A proton with kinetic energy 100 keV is moving in a plane perpindicular to a uniform magnetic field of magnitude 2.3 T. Find the radius of its orbit.
Not sure what equation to use or how to solve
R =mv/eB,
m= mass of proton = 1.67•10^-27 kg,
e = charge of proton = 1.6•10^-19 C
1keV =1000•1.6•10^-19 =1.6•10^-16 J
To find the radius of the proton's orbit, we can apply the concept of circular motion in a magnetic field. The equation we will use is known as the magnetic force equation:
F = qvB
Where:
F : Magnetic force acting on the particle (proton)
q : Charge of the particle (proton) = +e (elementary charge)
v : Velocity of the particle (proton)
B : Magnetic field strength
In this case, we are given the kinetic energy of the proton, not the velocity. However, we can use the kinetic energy to find the velocity using the following equation:
KE = 0.5mv^2
Where:
KE : Kinetic energy
m : Mass of the particle (proton)
v : Velocity of the particle (proton)
Given that the kinetic energy of the proton is 100 keV, we need to convert it to joules first.
1 keV = 1.6 x 10^-16 J
So 100 keV = 100 x 1.6 x 10^-16 J = 1.6 x 10^-14 J
Now, we need to find the velocity of the proton using the kinetic energy equation:
1.6 x 10^-14 J = 0.5 x (mass of proton) x v^2
The mass of a proton is approximately 1.67 x 10^-27 kg.
1.6 x 10^-14 J = 0.5 x (1.67 x 10^-27 kg) x v^2
Solving for v:
v^2 = (1.6 x 10^-14 J) / (0.5 x 1.67 x 10^-27 kg)

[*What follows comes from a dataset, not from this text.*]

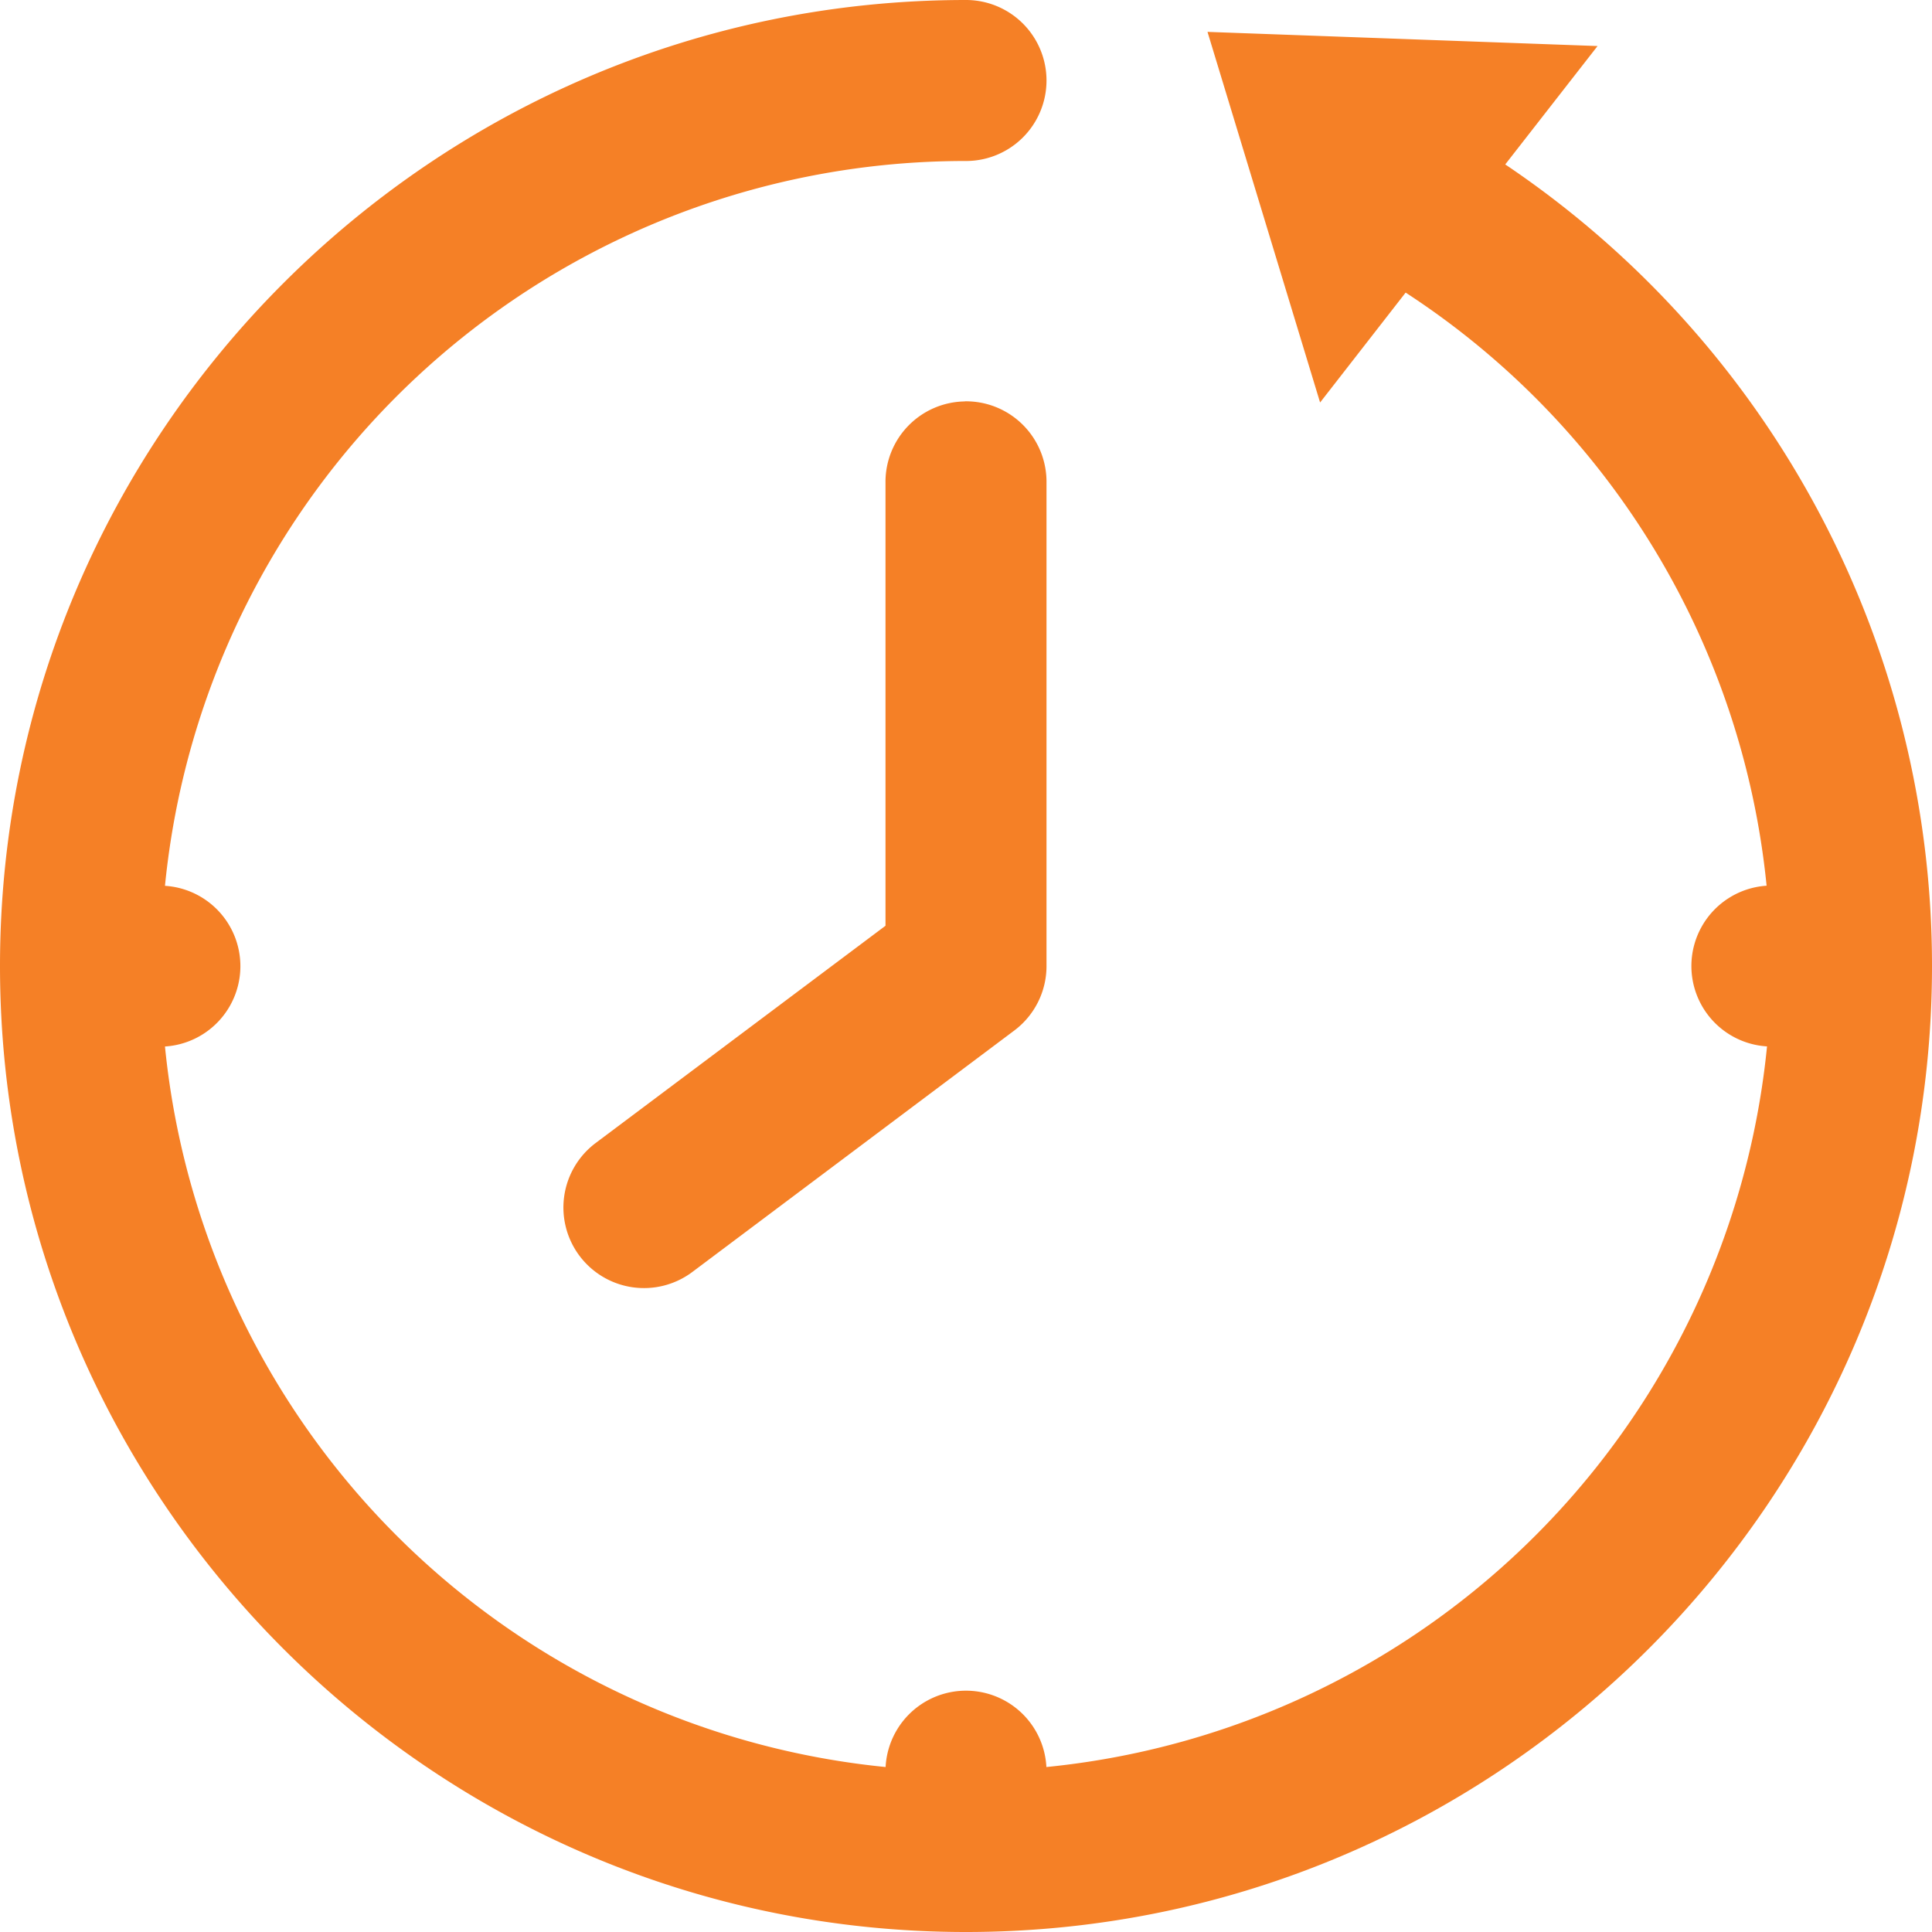 <svg xmlns="http://www.w3.org/2000/svg" width="18" height="18" viewBox="0 0 18 18">
    <path fill="#F58026" fill-rule="nonzero" d="M9 0C4.038 0 0 4.038 0 9s4.038 9 9 9 9-4.038 9-9a8.997 8.997 0 0 0-3.976-7.468l.86-1.103L11.25.297l1.049 3.453.797-1.024a7.478 7.478 0 0 1 3.363 5.526.75.75 0 0 0 .004 1.497 7.49 7.49 0 0 1-6.714 6.714.75.75 0 0 0-1.498 0A7.49 7.49 0 0 1 1.537 9.75a.75.75 0 0 0 0-1.497A7.49 7.49 0 0 1 9 1.5.75.75 0 1 0 9 0zm-.012 3.74a.75.75 0 0 0-.738.76v4.125l-2.7 2.024a.75.75 0 0 0 .9 1.202l3-2.25a.75.75 0 0 0 .3-.6V4.5a.75.75 0 0 0-.762-.761z"/>
</svg>

v^2 ≈ 3.83 x 10^12 m^2/s^2
v = √(3.83 x 10^12 m^2/s^2)
v ≈ 1.96 x 10^6 m/s
Now that we have the velocity of the proton, we can use the magnetic force equation to find the radius of its orbit:
F = qvB
(mv^2 / r) = qvB
mv / r = qB
The mass of a proton is approximately 1.67 x 10^-27 kg, the charge of a proton is approximately 1.6 x 10^-19 C, and the magnetic field strength is given as 2.3 T.
(1.67 x 10^-27 kg)(1.96 x 10^6 m/s) / r = (1.6 x 10^-19 C)(2.3 T)
(1.67 x 10^-27 kg)(1.96 x 10^6 m/s) / (1.6 x 10^-19 C)(2.3 T) = r
Calculating this expression yields the radius of the proton's orbit.